[Data to process]
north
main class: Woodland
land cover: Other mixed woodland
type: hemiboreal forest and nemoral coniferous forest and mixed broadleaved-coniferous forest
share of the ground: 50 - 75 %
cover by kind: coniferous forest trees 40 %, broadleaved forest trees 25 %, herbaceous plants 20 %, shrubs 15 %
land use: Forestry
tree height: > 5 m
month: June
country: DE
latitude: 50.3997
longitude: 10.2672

==

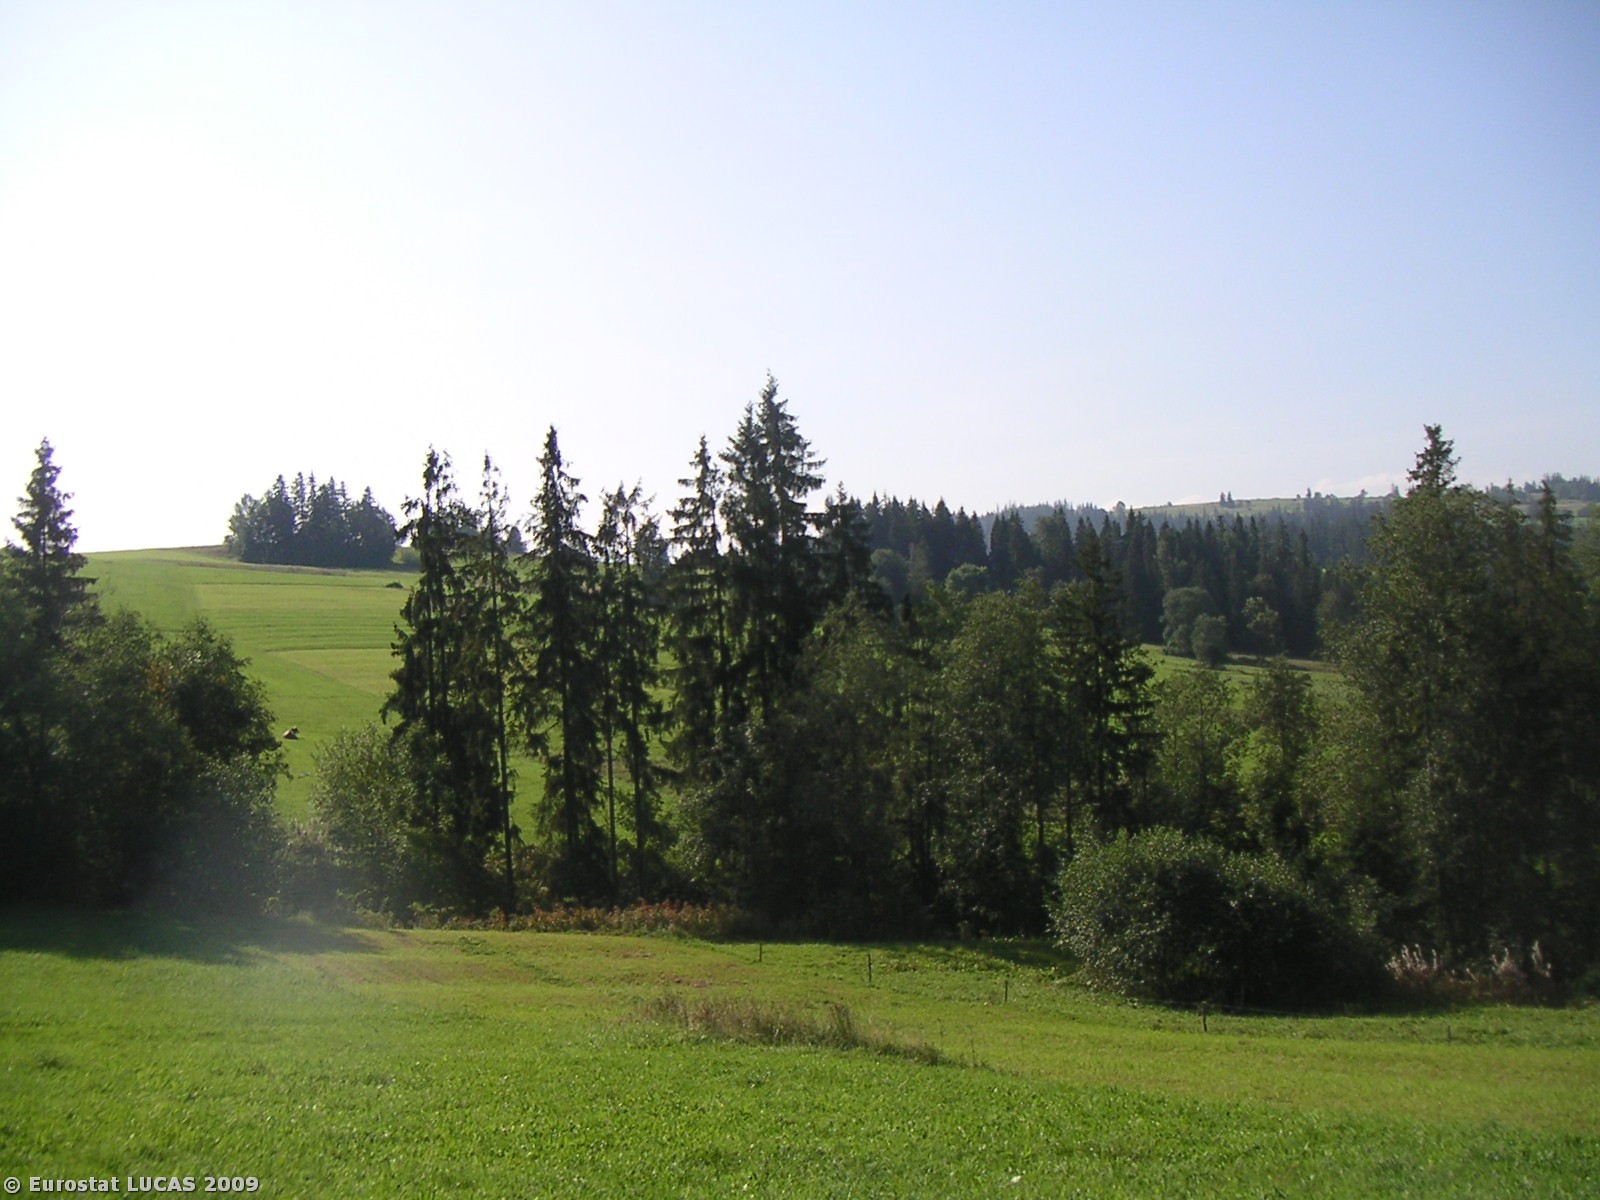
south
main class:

[Activity] For this exercise, output exactly the lines above from the line with "land use: Forestry" to the line with "longitude: 10.2672", counting both, and leave out the rest.

[Task answer]
land use: Forestry
tree height: > 5 m
month: June
country: DE
latitude: 50.3997
longitude: 10.2672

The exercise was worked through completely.